### Task description
Restate all the data exactly, so that each line is the same as before.

(Collected data entries)
⟨
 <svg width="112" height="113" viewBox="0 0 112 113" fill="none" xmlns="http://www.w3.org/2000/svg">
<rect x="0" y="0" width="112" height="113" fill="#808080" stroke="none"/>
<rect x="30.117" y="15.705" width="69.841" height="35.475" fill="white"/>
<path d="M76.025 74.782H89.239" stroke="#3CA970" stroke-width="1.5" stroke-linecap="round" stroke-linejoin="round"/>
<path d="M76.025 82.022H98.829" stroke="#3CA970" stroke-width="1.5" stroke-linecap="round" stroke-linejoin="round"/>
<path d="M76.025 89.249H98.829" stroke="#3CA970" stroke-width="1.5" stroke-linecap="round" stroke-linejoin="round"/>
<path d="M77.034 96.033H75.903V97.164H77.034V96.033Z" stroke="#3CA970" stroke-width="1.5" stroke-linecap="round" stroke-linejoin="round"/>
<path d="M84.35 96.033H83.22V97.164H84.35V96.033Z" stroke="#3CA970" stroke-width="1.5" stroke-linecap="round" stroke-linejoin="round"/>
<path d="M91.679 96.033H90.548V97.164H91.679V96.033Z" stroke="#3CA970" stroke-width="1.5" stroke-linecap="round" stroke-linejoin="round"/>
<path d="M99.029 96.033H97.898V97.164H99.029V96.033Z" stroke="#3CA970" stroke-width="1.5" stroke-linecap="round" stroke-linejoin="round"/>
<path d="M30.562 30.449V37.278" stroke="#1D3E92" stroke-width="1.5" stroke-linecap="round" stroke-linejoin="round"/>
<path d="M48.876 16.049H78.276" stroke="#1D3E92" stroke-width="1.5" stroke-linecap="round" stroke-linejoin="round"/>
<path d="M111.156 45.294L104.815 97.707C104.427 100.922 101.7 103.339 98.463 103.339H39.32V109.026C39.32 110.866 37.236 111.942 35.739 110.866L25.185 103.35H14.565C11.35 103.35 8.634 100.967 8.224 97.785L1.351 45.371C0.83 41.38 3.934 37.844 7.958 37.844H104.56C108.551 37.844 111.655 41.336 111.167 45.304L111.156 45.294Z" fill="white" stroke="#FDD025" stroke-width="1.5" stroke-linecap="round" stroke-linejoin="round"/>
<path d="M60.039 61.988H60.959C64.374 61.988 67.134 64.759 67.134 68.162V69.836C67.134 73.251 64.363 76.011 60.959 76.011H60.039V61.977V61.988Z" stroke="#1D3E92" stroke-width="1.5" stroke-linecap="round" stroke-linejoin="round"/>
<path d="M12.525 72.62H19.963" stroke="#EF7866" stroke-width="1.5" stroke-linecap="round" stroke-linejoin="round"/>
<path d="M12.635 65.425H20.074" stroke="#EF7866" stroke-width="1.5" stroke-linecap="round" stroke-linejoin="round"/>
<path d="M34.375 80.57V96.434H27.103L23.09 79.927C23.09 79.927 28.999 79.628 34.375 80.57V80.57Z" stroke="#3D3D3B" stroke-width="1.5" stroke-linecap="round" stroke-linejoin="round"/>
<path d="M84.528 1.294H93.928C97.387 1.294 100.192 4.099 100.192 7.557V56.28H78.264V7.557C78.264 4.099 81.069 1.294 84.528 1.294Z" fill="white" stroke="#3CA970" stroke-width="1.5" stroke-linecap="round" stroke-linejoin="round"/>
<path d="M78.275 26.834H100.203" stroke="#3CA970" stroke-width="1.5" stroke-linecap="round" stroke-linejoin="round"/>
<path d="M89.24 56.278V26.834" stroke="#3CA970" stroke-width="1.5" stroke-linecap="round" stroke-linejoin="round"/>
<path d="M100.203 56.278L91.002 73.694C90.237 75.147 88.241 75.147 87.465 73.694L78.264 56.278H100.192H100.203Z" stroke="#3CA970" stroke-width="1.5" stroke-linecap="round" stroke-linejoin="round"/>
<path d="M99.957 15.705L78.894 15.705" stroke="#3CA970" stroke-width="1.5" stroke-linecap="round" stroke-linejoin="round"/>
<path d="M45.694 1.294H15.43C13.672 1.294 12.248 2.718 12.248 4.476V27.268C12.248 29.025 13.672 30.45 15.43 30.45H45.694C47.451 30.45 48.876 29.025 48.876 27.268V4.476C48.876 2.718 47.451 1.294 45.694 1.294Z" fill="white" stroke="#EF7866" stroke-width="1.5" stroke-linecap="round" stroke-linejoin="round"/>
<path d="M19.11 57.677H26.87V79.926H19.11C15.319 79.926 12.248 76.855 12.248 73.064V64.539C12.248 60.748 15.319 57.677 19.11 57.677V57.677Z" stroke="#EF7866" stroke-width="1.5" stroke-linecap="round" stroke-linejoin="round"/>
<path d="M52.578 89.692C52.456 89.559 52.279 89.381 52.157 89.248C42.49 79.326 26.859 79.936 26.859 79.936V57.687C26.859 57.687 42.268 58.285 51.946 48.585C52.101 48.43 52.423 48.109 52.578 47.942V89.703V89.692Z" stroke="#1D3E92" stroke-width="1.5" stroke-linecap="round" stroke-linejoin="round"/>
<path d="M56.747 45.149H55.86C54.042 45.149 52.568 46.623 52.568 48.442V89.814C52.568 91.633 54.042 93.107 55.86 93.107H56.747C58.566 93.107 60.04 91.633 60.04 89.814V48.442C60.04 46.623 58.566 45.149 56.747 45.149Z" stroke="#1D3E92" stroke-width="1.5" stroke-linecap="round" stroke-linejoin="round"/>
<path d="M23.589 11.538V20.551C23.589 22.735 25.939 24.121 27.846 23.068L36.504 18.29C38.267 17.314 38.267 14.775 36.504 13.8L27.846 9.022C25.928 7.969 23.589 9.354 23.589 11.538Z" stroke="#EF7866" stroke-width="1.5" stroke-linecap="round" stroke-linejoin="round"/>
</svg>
⟩
### Reply to the exercise
 <svg width="112" height="113" viewBox="0 0 112 113" fill="none" xmlns="http://www.w3.org/2000/svg">
<rect x="0" y="0" width="112" height="113" fill="#808080" stroke="none"/>
<rect x="30.117" y="15.705" width="69.841" height="35.475" fill="white"/>
<path d="M76.025 74.782H89.239" stroke="#3CA970" stroke-width="1.5" stroke-linecap="round" stroke-linejoin="round"/>
<path d="M76.025 82.022H98.829" stroke="#3CA970" stroke-width="1.5" stroke-linecap="round" stroke-linejoin="round"/>
<path d="M76.025 89.249H98.829" stroke="#3CA970" stroke-width="1.5" stroke-linecap="round" stroke-linejoin="round"/>
<path d="M77.034 96.033H75.903V97.164H77.034V96.033Z" stroke="#3CA970" stroke-width="1.5" stroke-linecap="round" stroke-linejoin="round"/>
<path d="M84.35 96.033H83.22V97.164H84.35V96.033Z" stroke="#3CA970" stroke-width="1.5" stroke-linecap="round" stroke-linejoin="round"/>
<path d="M91.679 96.033H90.548V97.164H91.679V96.033Z" stroke="#3CA970" stroke-width="1.5" stroke-linecap="round" stroke-linejoin="round"/>
<path d="M99.029 96.033H97.898V97.164H99.029V96.033Z" stroke="#3CA970" stroke-width="1.5" stroke-linecap="round" stroke-linejoin="round"/>
<path d="M30.562 30.449V37.278" stroke="#1D3E92" stroke-width="1.5" stroke-linecap="round" stroke-linejoin="round"/>
<path d="M48.876 16.049H78.276" stroke="#1D3E92" stroke-width="1.5" stroke-linecap="round" stroke-linejoin="round"/>
<path d="M111.156 45.294L104.815 97.707C104.427 100.922 101.7 103.339 98.463 103.339H39.32V109.026C39.32 110.866 37.236 111.942 35.739 110.866L25.185 103.35H14.565C11.35 103.35 8.634 100.967 8.224 97.785L1.351 45.371C0.83 41.38 3.934 37.844 7.958 37.844H104.56C108.551 37.844 111.655 41.336 111.167 45.304L111.156 45.294Z" fill="white" stroke="#FDD025" stroke-width="1.5" stroke-linecap="round" stroke-linejoin="round"/>
<path d="M60.039 61.988H60.959C64.374 61.988 67.134 64.759 67.134 68.162V69.836C67.134 73.251 64.363 76.011 60.959 76.011H60.039V61.977V61.988Z" stroke="#1D3E92" stroke-width="1.5" stroke-linecap="round" stroke-linejoin="round"/>
<path d="M12.525 72.62H19.963" stroke="#EF7866" stroke-width="1.5" stroke-linecap="round" stroke-linejoin="round"/>
<path d="M12.635 65.425H20.074" stroke="#EF7866" stroke-width="1.5" stroke-linecap="round" stroke-linejoin="round"/>
<path d="M34.375 80.57V96.434H27.103L23.09 79.927C23.09 79.927 28.999 79.628 34.375 80.57V80.57Z" stroke="#3D3D3B" stroke-width="1.5" stroke-linecap="round" stroke-linejoin="round"/>
<path d="M84.528 1.294H93.928C97.387 1.294 100.192 4.099 100.192 7.557V56.28H78.264V7.557C78.264 4.099 81.069 1.294 84.528 1.294Z" fill="white" stroke="#3CA970" stroke-width="1.5" stroke-linecap="round" stroke-linejoin="round"/>
<path d="M78.275 26.834H100.203" stroke="#3CA970" stroke-width="1.5" stroke-linecap="round" stroke-linejoin="round"/>
<path d="M89.24 56.278V26.834" stroke="#3CA970" stroke-width="1.5" stroke-linecap="round" stroke-linejoin="round"/>
<path d="M100.203 56.278L91.002 73.694C90.237 75.147 88.241 75.147 87.465 73.694L78.264 56.278H100.192H100.203Z" stroke="#3CA970" stroke-width="1.5" stroke-linecap="round" stroke-linejoin="round"/>
<path d="M99.957 15.705L78.894 15.705" stroke="#3CA970" stroke-width="1.5" stroke-linecap="round" stroke-linejoin="round"/>
<path d="M45.694 1.294H15.43C13.672 1.294 12.248 2.718 12.248 4.476V27.268C12.248 29.025 13.672 30.45 15.43 30.45H45.694C47.451 30.45 48.876 29.025 48.876 27.268V4.476C48.876 2.718 47.451 1.294 45.694 1.294Z" fill="white" stroke="#EF7866" stroke-width="1.5" stroke-linecap="round" stroke-linejoin="round"/>
<path d="M19.11 57.677H26.87V79.926H19.11C15.319 79.926 12.248 76.855 12.248 73.064V64.539C12.248 60.748 15.319 57.677 19.11 57.677V57.677Z" stroke="#EF7866" stroke-width="1.5" stroke-linecap="round" stroke-linejoin="round"/>
<path d="M52.578 89.692C52.456 89.559 52.279 89.381 52.157 89.248C42.49 79.326 26.859 79.936 26.859 79.936V57.687C26.859 57.687 42.268 58.285 51.946 48.585C52.101 48.43 52.423 48.109 52.578 47.942V89.703V89.692Z" stroke="#1D3E92" stroke-width="1.5" stroke-linecap="round" stroke-linejoin="round"/>
<path d="M56.747 45.149H55.86C54.042 45.149 52.568 46.623 52.568 48.442V89.814C52.568 91.633 54.042 93.107 55.86 93.107H56.747C58.566 93.107 60.04 91.633 60.04 89.814V48.442C60.04 46.623 58.566 45.149 56.747 45.149Z" stroke="#1D3E92" stroke-width="1.5" stroke-linecap="round" stroke-linejoin="round"/>
<path d="M23.589 11.538V20.551C23.589 22.735 25.939 24.121 27.846 23.068L36.504 18.29C38.267 17.314 38.267 14.775 36.504 13.8L27.846 9.022C25.928 7.969 23.589 9.354 23.589 11.538Z" stroke="#EF7866" stroke-width="1.5" stroke-linecap="round" stroke-linejoin="round"/>
</svg>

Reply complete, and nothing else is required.